We will highlight a promising Minneapolis pilot that is braiding together small business economic development opportunities with labor compliance. We will hear from  Minneapolis’ Labor Standards Enforcement Division, workplace justice lab at Rutgers University researchers, Main Street Alliance, and the Metropolitan Consortium of Community Developers (MCCD) who are working together to provide critical back-office systems that small business owners often lack the time and resources to set up. The pilot will subsidize payroll services and bookkeeping services for 30-50 small business owners, focusing on those immigrant and BIPOC owners who have been systematically marginalized. The goal of the project is to set up small businesses for success and growth while also creating tracking systems that enable labor law compliance.

Webinar Presenters

Brian Walsh, JD,  has worked for the City of Minneapolis for over ten years. He built its Labor Standards Enforcement Division following passage of a Sick and Safe Time ordinance in 2016.
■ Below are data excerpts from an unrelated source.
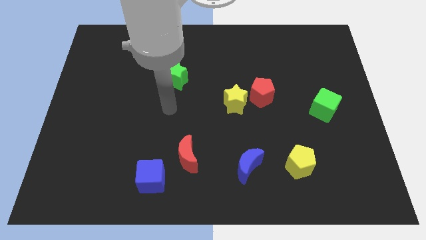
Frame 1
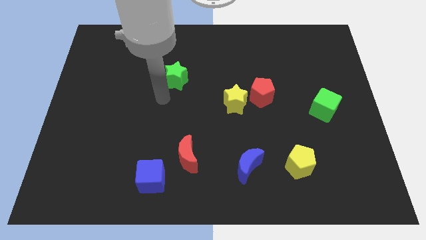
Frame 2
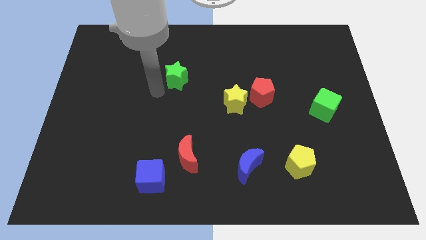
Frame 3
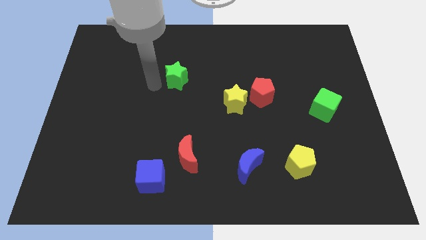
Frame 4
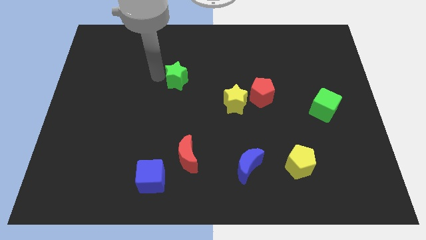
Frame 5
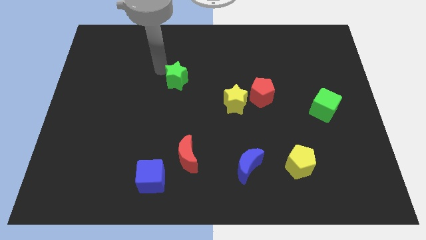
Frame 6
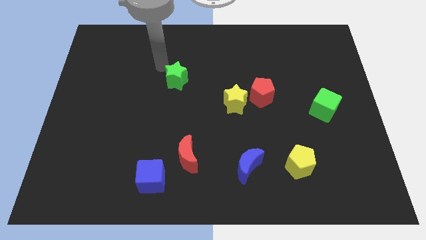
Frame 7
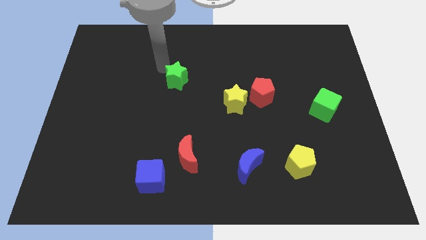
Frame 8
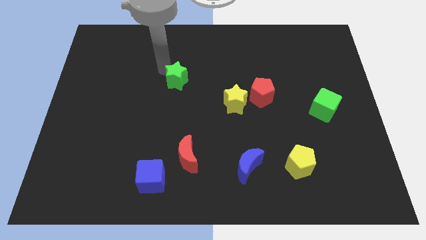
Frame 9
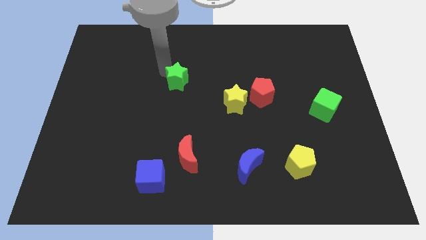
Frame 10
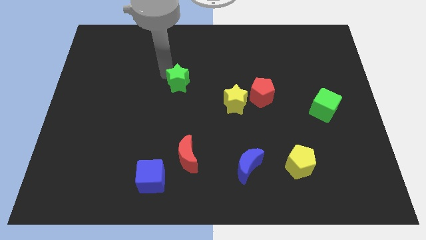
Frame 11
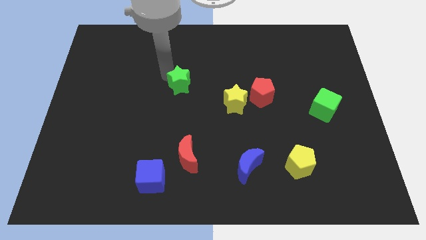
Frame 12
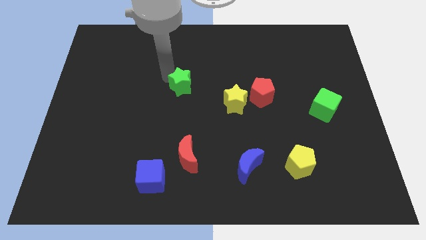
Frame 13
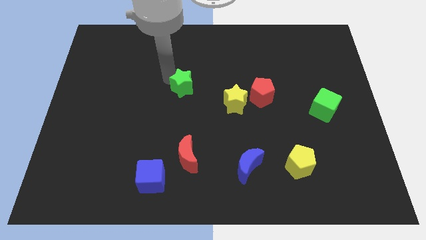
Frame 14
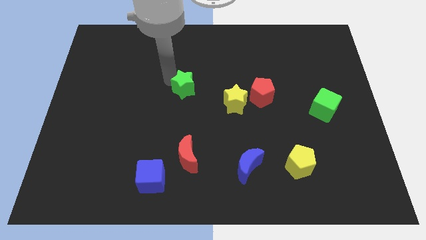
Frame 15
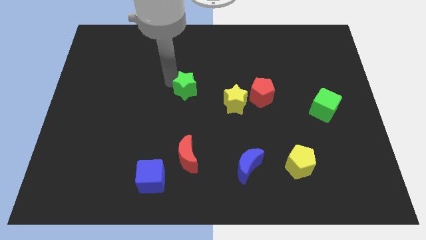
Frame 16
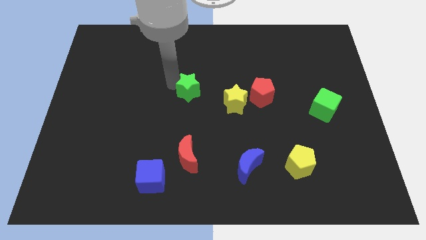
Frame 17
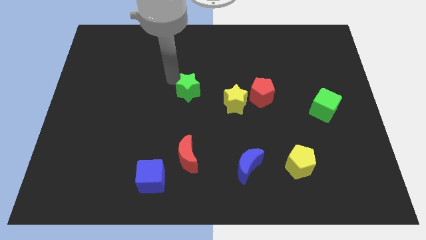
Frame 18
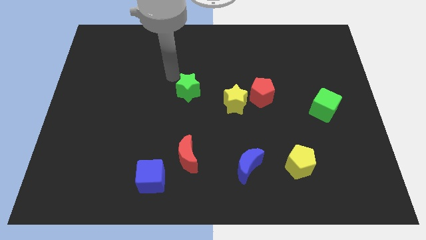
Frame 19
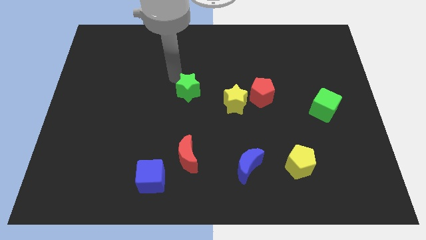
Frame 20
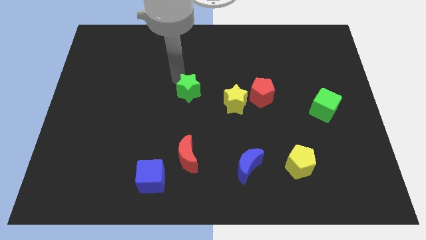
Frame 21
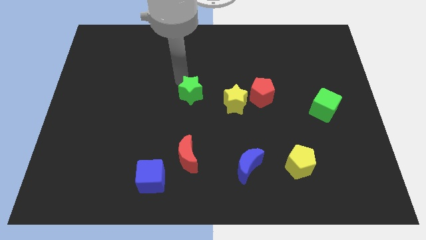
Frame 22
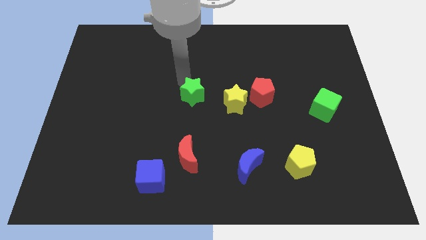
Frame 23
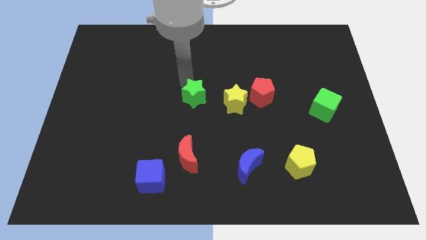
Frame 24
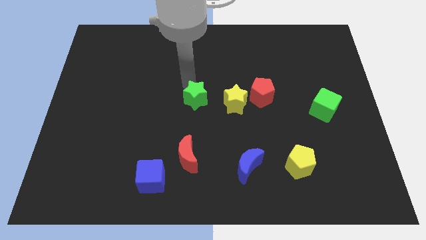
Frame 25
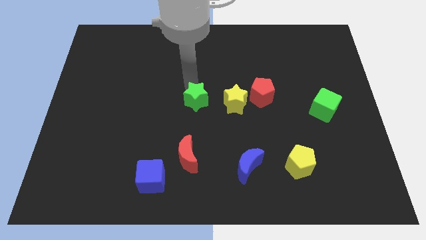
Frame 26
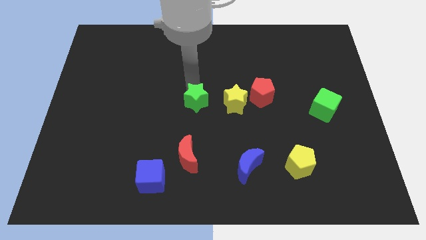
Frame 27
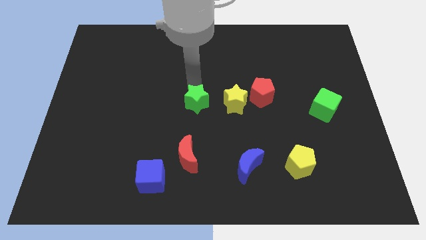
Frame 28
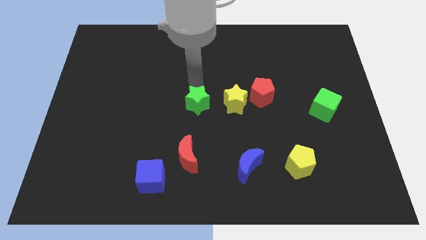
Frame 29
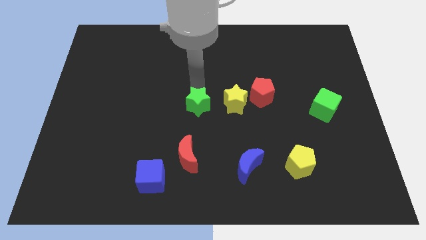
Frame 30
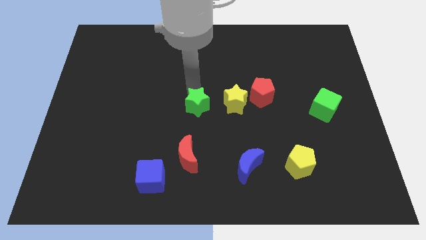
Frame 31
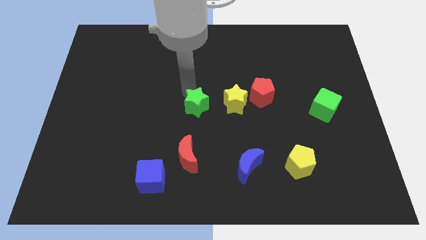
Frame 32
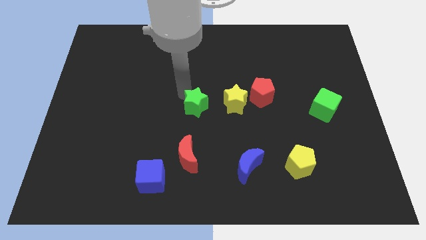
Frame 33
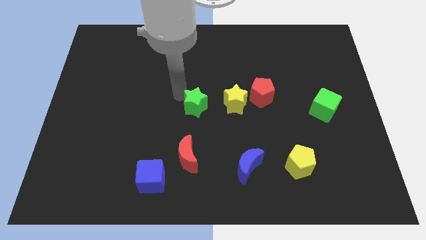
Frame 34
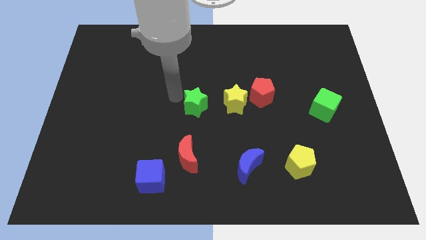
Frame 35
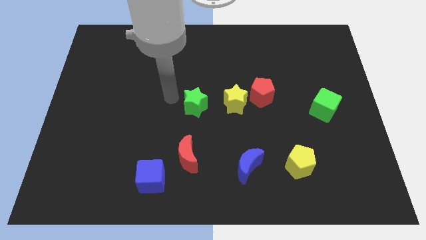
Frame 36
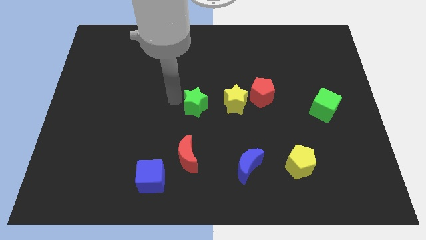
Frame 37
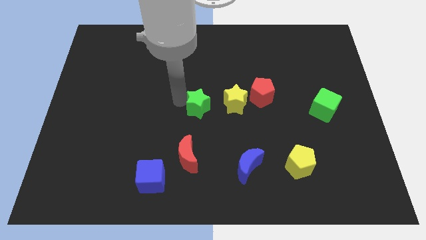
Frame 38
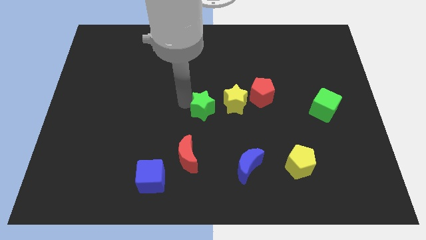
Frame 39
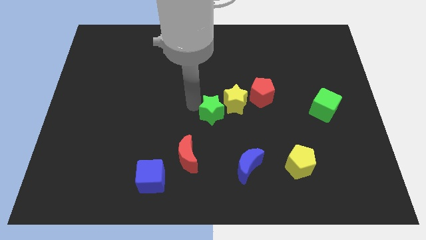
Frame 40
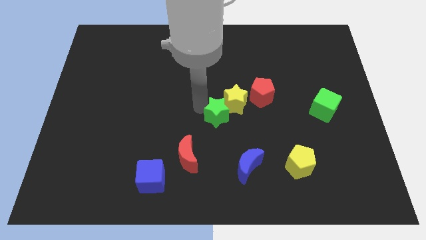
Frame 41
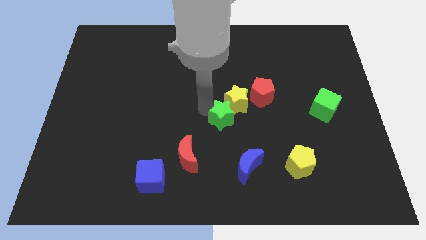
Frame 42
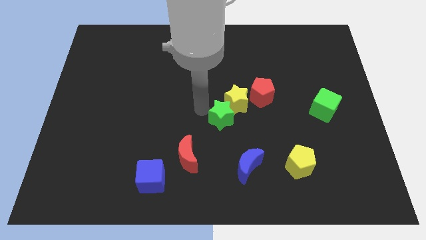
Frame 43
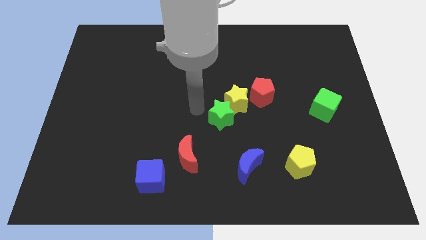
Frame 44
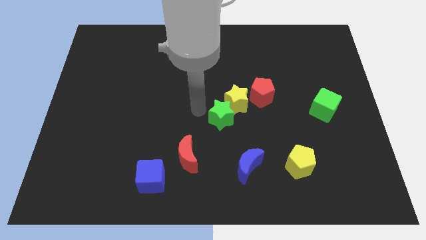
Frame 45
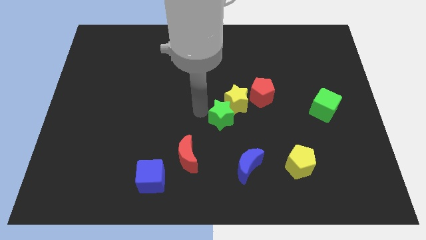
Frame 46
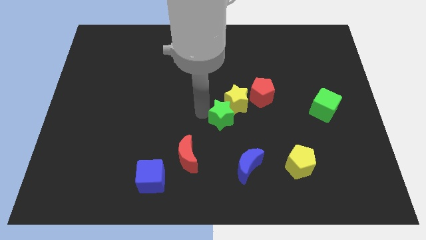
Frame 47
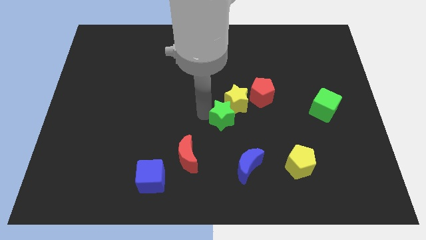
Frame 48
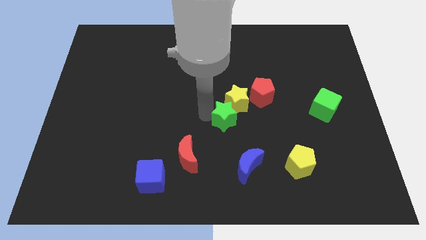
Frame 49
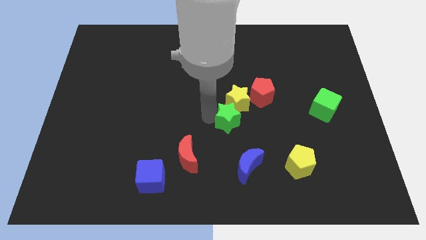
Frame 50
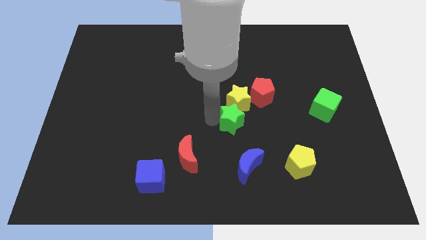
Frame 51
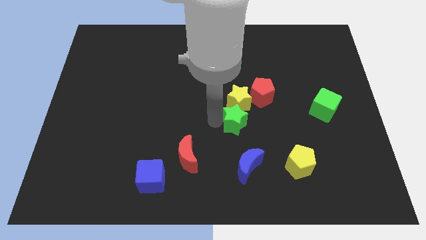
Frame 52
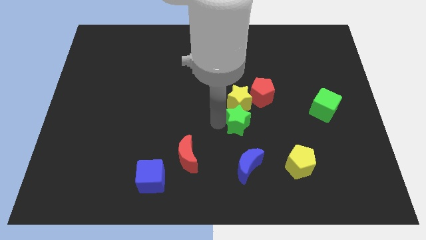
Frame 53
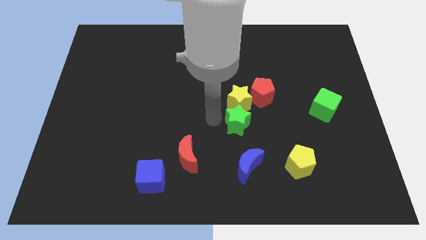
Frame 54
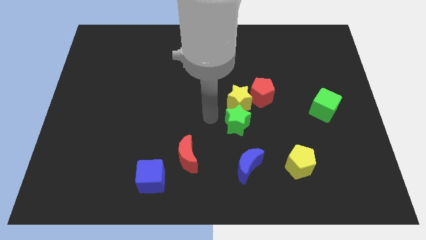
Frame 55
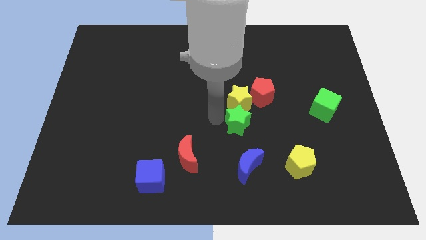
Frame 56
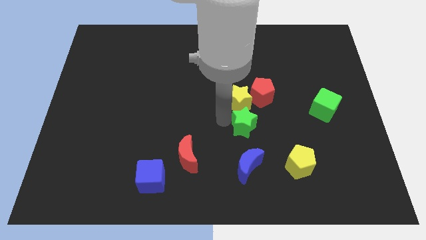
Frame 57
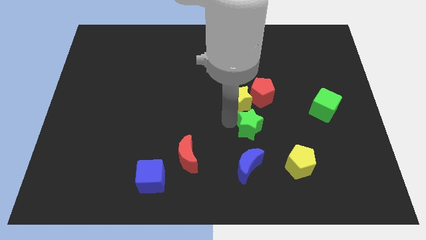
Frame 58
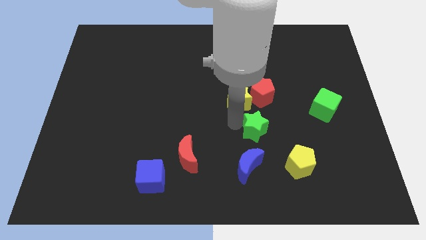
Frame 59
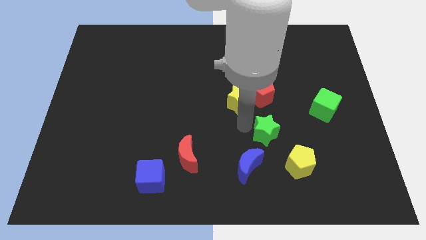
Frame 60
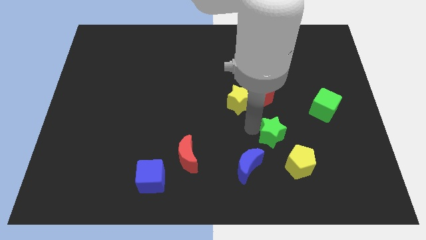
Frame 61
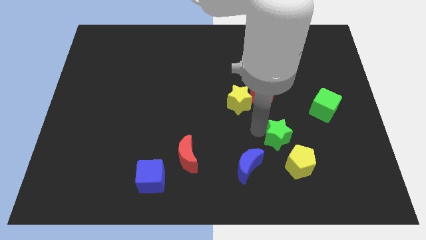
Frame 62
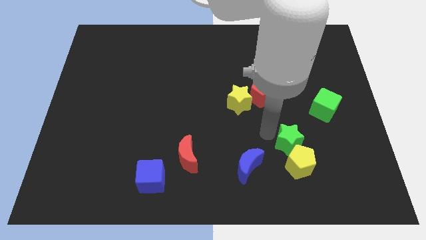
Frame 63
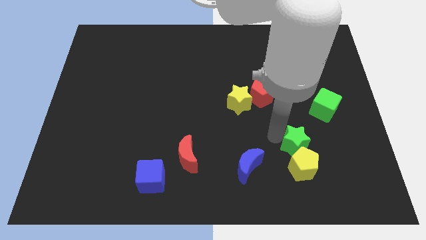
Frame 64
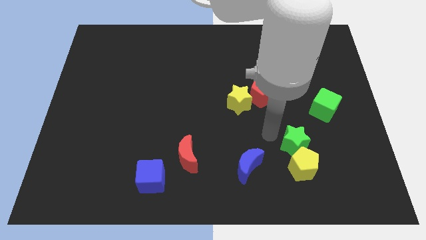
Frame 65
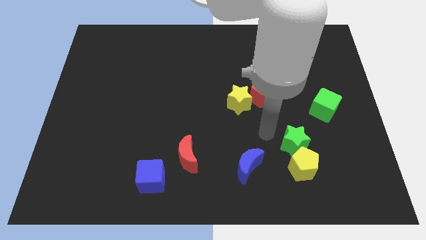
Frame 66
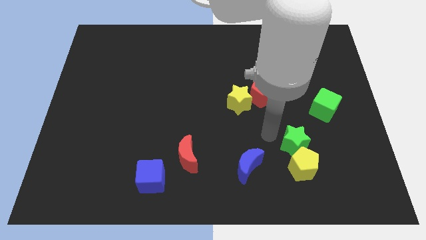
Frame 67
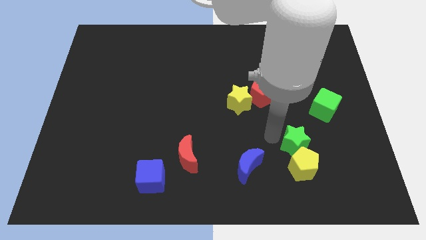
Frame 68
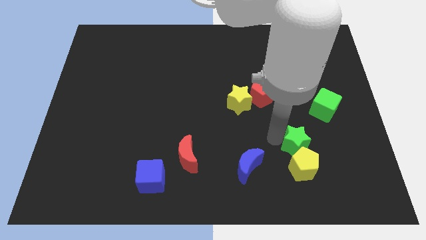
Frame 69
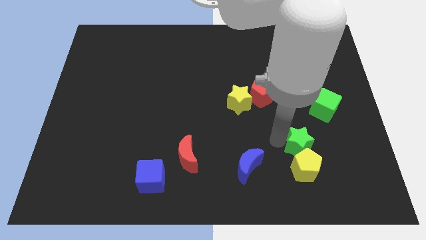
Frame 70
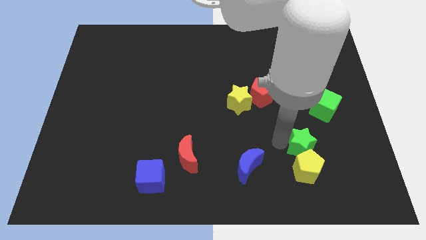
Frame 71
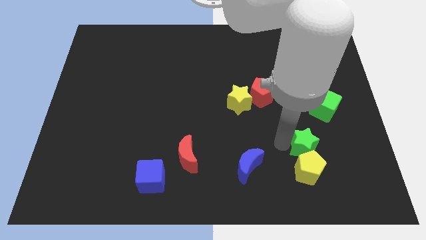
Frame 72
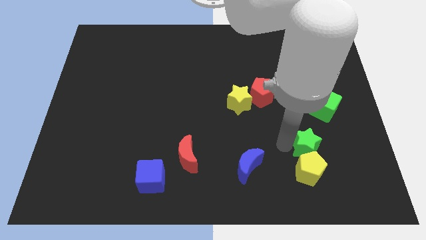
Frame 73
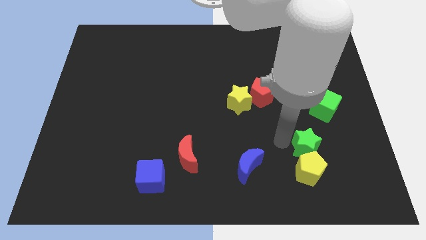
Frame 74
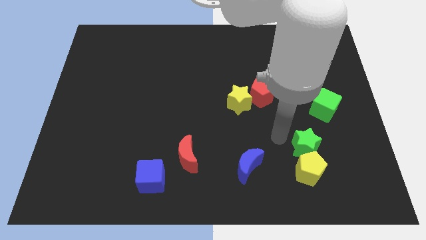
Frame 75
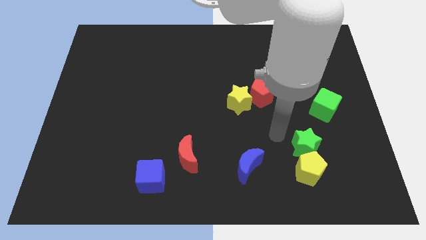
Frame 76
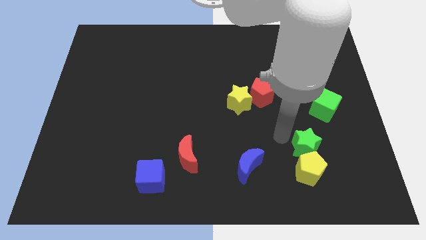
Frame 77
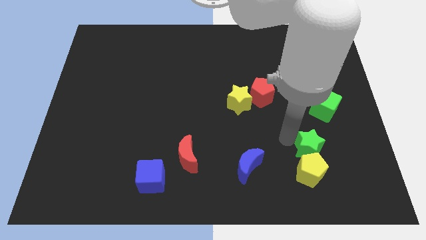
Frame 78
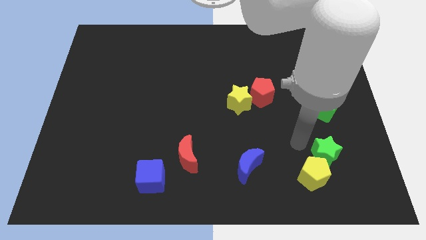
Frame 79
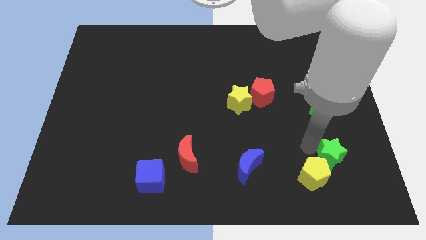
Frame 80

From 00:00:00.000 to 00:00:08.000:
move the green star to the right of the yellow pentagon

Mel Koe is the Minnesota Organizer for Main Street Alliance and builds power with small businesses to impact change. Mel enters this work with a public health lens and worked in different public health spaces prior to Main Street Alliance.

Andrew Wolf,  PhD, is a labor sociologist who received his PhD at the University of Wisconsin-Madison, and is a Workplace Justice Lab@RU Affiliated Scholar.

Tyler Hilsabeck is the Director of Small Business Development at the Metropolitan Consortium of Community Developers.  Prior to MCCD, Tyler worked for Bank of America and attended the University of Wisconsin-Madison.

Star Tribune Reports on Pilot Project's Launch

On December 15, 2022, the Star Tribune reported on the launch of the pilot project to provide subsidized payroll and bookkeeping services to small businesses with the goal of improving job quality and labor compliance. The City of Minneapolis provided seed funding for the pilot, and the program is a collaboration among the City, Workplace Justice Lab@RU, Main Street Alliance, and the Metropolitan Consortium of Community Developers.

wjl@RU receives major grant from WorkRise

The Workplace Justice Lab at Rutgers University is proud to receive a major grant from WorkRise, a research-to-action network on jobs, workers, and mobility based at the Urban Institute. The grant will support a pilot study in partnership with the City of Minneapolis Labor Standards Enforcement Division on Small Business High-Road Labor Standards Intervention to build the state of knowledge on promising programs and interventions aimed at strengthening upward economic mobility and career advancement for low-wage workers. The nine projects that received funding will test a variety of workforce strategies: digital upskilling for vulnerable workers, leveraging data science to improve equity and access to employment opportunities, or working with small businesses on improving job quality.

Minneapolis Small Business and Labor Enforcement Roundtable

In August 2022, we launched the Minneapolis Small Business and Labor Enforcement Roundtable, which brings together small business owners, community organizations, and government agencies and legislators to identify challenges to small businesses in raising job quality and pilot potential solutions.Janice Fine presents at 1st Minnesota Small Business Roundtable.